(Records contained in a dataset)
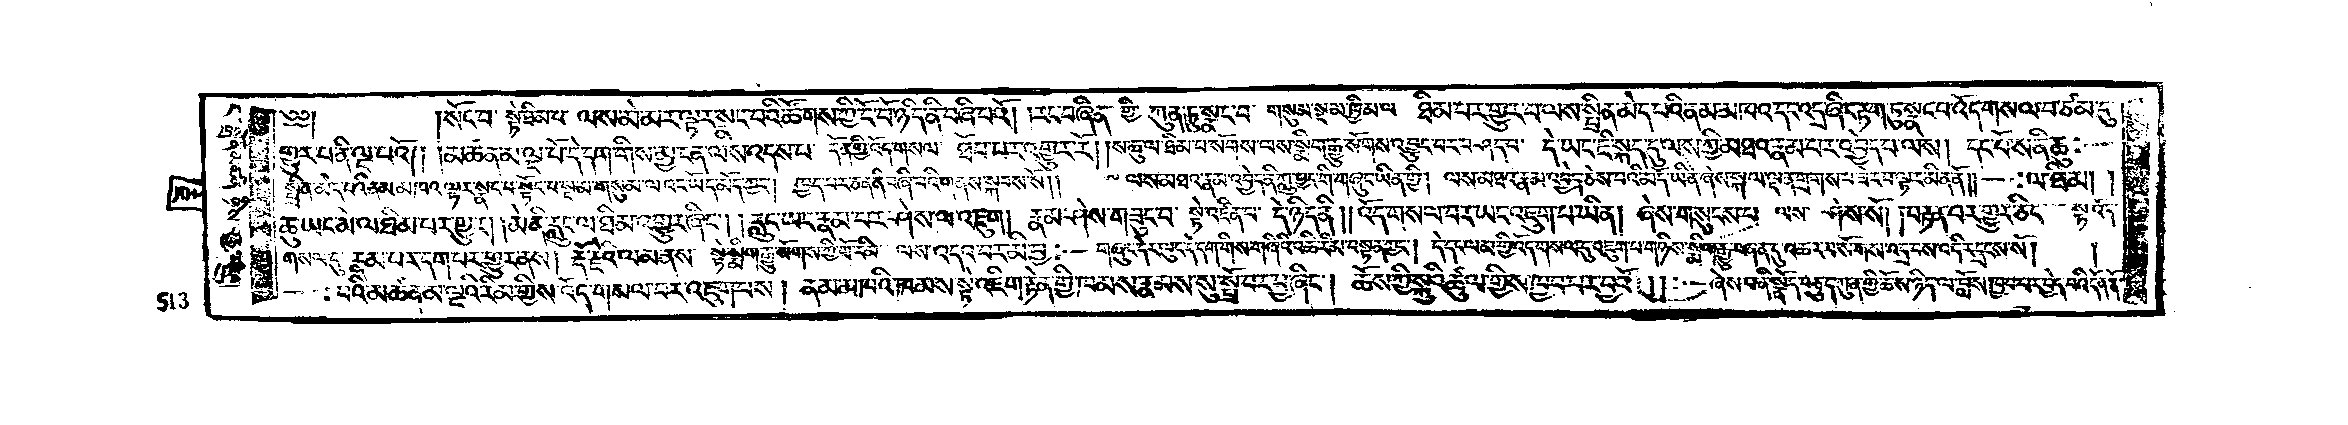༄༅། །སོང་བ་སྟེ་ཐིམ་པ་ལས་མེ་མར་ལྟར་སྣང་བའི་ཚོགས་ཀྱི་ངོ་བོ་ཉིད་ནི་བཞི་པའོ། །རང་བཞིན་གྱི་ཀུན་ཏུ་སྣང་བ་གསུམ་སྔ་མ་ཕྱི་མ་ལ་ཐིམ་པར་གྱུར་པ་ལས་སྤྲིན་མེད་པའི་ནམ་མཁའ་དང་འདྲ་ཞིང་རྟག་ཏུ་སྣང་བ་འོད་གསལ་བ་ཙམ་དུ་
གྱུར་པ་ནི་ལྔ་པའོ། །མཚན་མ་ལྔ་པོ་དེ་དག་གིས་མྱ་ངན་ལས་འདས་པ་དོན་གྱི་འོད་གསལ་ཐོབ་པར་འགྱུར་རོ། །ས་ཆུ་ལ་ཐིམ་པ་སོགས་ལས་སྨིག་རྒྱུ་སོགས་འབྱུང་བར་བཤད་པ་དེ་ཡང་ཇི་སྐད་དུ་ལས་ཀྱི་མཐའ་རྣམ་པར་འབྱེད་པ་ལས། དང་པོ་ས་ནི་ཆུ་
སྤྲིན་མེད་པའི་ནམ་མཁའ་ལྟར་སྣང་བ་སྟོང་པ་སྔ་མ་གསུམ་ལའང་ཡོད་མོད་ཀྱང་། ཁྱད་པར་ཅན་ནི་བཞི་པའི་གནས་སྐབས་སོ།། ༧ལས་མཐའ་རྣམ་འབྱེད་ནི་ཀླུ་བྱང་གི་གཞུང་ཡིན་གྱི། ལས་མཐའ་རྣམ་འབྱེད་ཅེས་པའི་མདོ་ཡིན་ཞེས་སྐལ་ལྡན་གྲགས་པ་ཟེར་བ་ལྟར་མིན་ནོ།།  ལ་ཐིམ། །
ཆུ་ཡང་མེ་ལ་ཐིམ་པར་གྱུར། །མེ་ནི་རླུང་ལ་ཐིམ་འགྱུར་ཞིང་། །རླུང་ཡང་རྣམ་པར་ཤེས་ལ་འཇུག །རྣམ་ཤེས་གཟུང་བ་སྟེ་འཛིན་པ་དེ་ཉིད་ནི། །འོད་གསལ་བར་ཡང་འཇུག་པ་ཡིན། ཞེས་གསུངས་པ་ལས་ཤེས་སོ། །བརྟན་པར་གྱུར་ཅིང་སྟེ་འོད་
གསལ་དུ་རྣམ་པར་དག་པར་གྱུར་ནས། རྡོ་རྗེའི་ལམ་ནས་སྟེ་སྨིག་རྒྱུ་སོགས་ཀྱི་གོ་རིམ་ལས་འདའ་བར་མི་བྱ་གཞུང་དེར་ལུང་དེ་དག་གིས་གཞིའི་འཆི་རིམ་བསྟན་ཀྱང་། དེ་དང་ལམ་གྱི་འོད་གསལ་དུ་འཇུག་པ་གཉིས་སྨིག་རྒྱུ་བཞིན་དུ་འཆར་བ་སོགས་འདྲ་བས་འདིར་དྲངས་སོ། །
པའི་མཚན་མ་ལྔའི་རིམ་གྱིས་འོད་གསལ་བར་འཇུག་པས། ནམ་མཁའི་ཁམས་སྟེ་འཇིག་རྟེན་གྱི་ཁམས་རྣམས་སུ་སྤྲོ་བར་བྱ་ཞིང་། ཆོས་ཀྱི་སྐུའི་ཚུལ་གྱིས་ཁྱབ་པར་བྱའོ། ། ཞེས་པ་ནི་སྣོད་བཅུད་ཀུན་གྱི་ཆོས་ཉིད་ལ་བློས་ཁྱབ་པར་བྱེད་པའི་དོན་ནོ།།

> _What you should do_
Except for the pictures, print the data above exactly.

> _Task response_
༄༅། །སོང་བ་སྟེ་ཐིམ་པ་ལས་མེ་མར་ལྟར་སྣང་བའི་ཚོགས་ཀྱི་ངོ་བོ་ཉིད་ནི་བཞི་པའོ། །རང་བཞིན་གྱི་ཀུན་ཏུ་སྣང་བ་གསུམ་སྔ་མ་ཕྱི་མ་ལ་ཐིམ་པར་གྱུར་པ་ལས་སྤྲིན་མེད་པའི་ནམ་མཁའ་དང་འདྲ་ཞིང་རྟག་ཏུ་སྣང་བ་འོད་གསལ་བ་ཙམ་དུ་
གྱུར་པ་ནི་ལྔ་པའོ། །མཚན་མ་ལྔ་པོ་དེ་དག་གིས་མྱ་ངན་ལས་འདས་པ་དོན་གྱི་འོད་གསལ་ཐོབ་པར་འགྱུར་རོ། །ས་ཆུ་ལ་ཐིམ་པ་སོགས་ལས་སྨིག་རྒྱུ་སོགས་འབྱུང་བར་བཤད་པ་དེ་ཡང་ཇི་སྐད་དུ་ལས་ཀྱི་མཐའ་རྣམ་པར་འབྱེད་པ་ལས། དང་པོ་ས་ནི་ཆུ་
སྤྲིན་མེད་པའི་ནམ་མཁའ་ལྟར་སྣང་བ་སྟོང་པ་སྔ་མ་གསུམ་ལའང་ཡོད་མོད་ཀྱང་། ཁྱད་པར་ཅན་ནི་བཞི་པའི་གནས་སྐབས་སོ།། ༧ལས་མཐའ་རྣམ་འབྱེད་ནི་ཀླུ་བྱང་གི་གཞུང་ཡིན་གྱི། ལས་མཐའ་རྣམ་འབྱེད་ཅེས་པའི་མདོ་ཡིན་ཞེས་སྐལ་ལྡན་གྲགས་པ་ཟེར་བ་ལྟར་མིན་ནོ།།  ལ་ཐིམ། །
ཆུ་ཡང་མེ་ལ་ཐིམ་པར་གྱུར། །མེ་ནི་རླུང་ལ་ཐིམ་འགྱུར་ཞིང་། །རླུང་ཡང་རྣམ་པར་ཤེས་ལ་འཇུག །རྣམ་ཤེས་གཟུང་བ་སྟེ་འཛིན་པ་དེ་ཉིད་ནི། །འོད་གསལ་བར་ཡང་འཇུག་པ་ཡིན། ཞེས་གསུངས་པ་ལས་ཤེས་སོ། །བརྟན་པར་གྱུར་ཅིང་སྟེ་འོད་
གསལ་དུ་རྣམ་པར་དག་པར་གྱུར་ནས། རྡོ་རྗེའི་ལམ་ནས་སྟེ་སྨིག་རྒྱུ་སོགས་ཀྱི་གོ་རིམ་ལས་འདའ་བར་མི་བྱ་གཞུང་དེར་ལུང་དེ་དག་གིས་གཞིའི་འཆི་རིམ་བསྟན་ཀྱང་། དེ་དང་ལམ་གྱི་འོད་གསལ་དུ་འཇུག་པ་གཉིས་སྨིག་རྒྱུ་བཞིན་དུ་འཆར་བ་སོགས་འདྲ་བས་འདིར་དྲངས་སོ། །
པའི་མཚན་མ་ལྔའི་རིམ་གྱིས་འོད་གསལ་བར་འཇུག་པས། ནམ་མཁའི་ཁམས་སྟེ་འཇིག་རྟེན་གྱི་ཁམས་རྣམས་སུ་སྤྲོ་བར་བྱ་ཞིང་། ཆོས་ཀྱི་སྐུའི་ཚུལ་གྱིས་ཁྱབ་པར་བྱའོ། ། ཞེས་པ་ནི་སྣོད་བཅུད་ཀུན་གྱི་ཆོས་ཉིད་ལ་བློས་ཁྱབ་པར་བྱེད་པའི་དོན་ནོ།།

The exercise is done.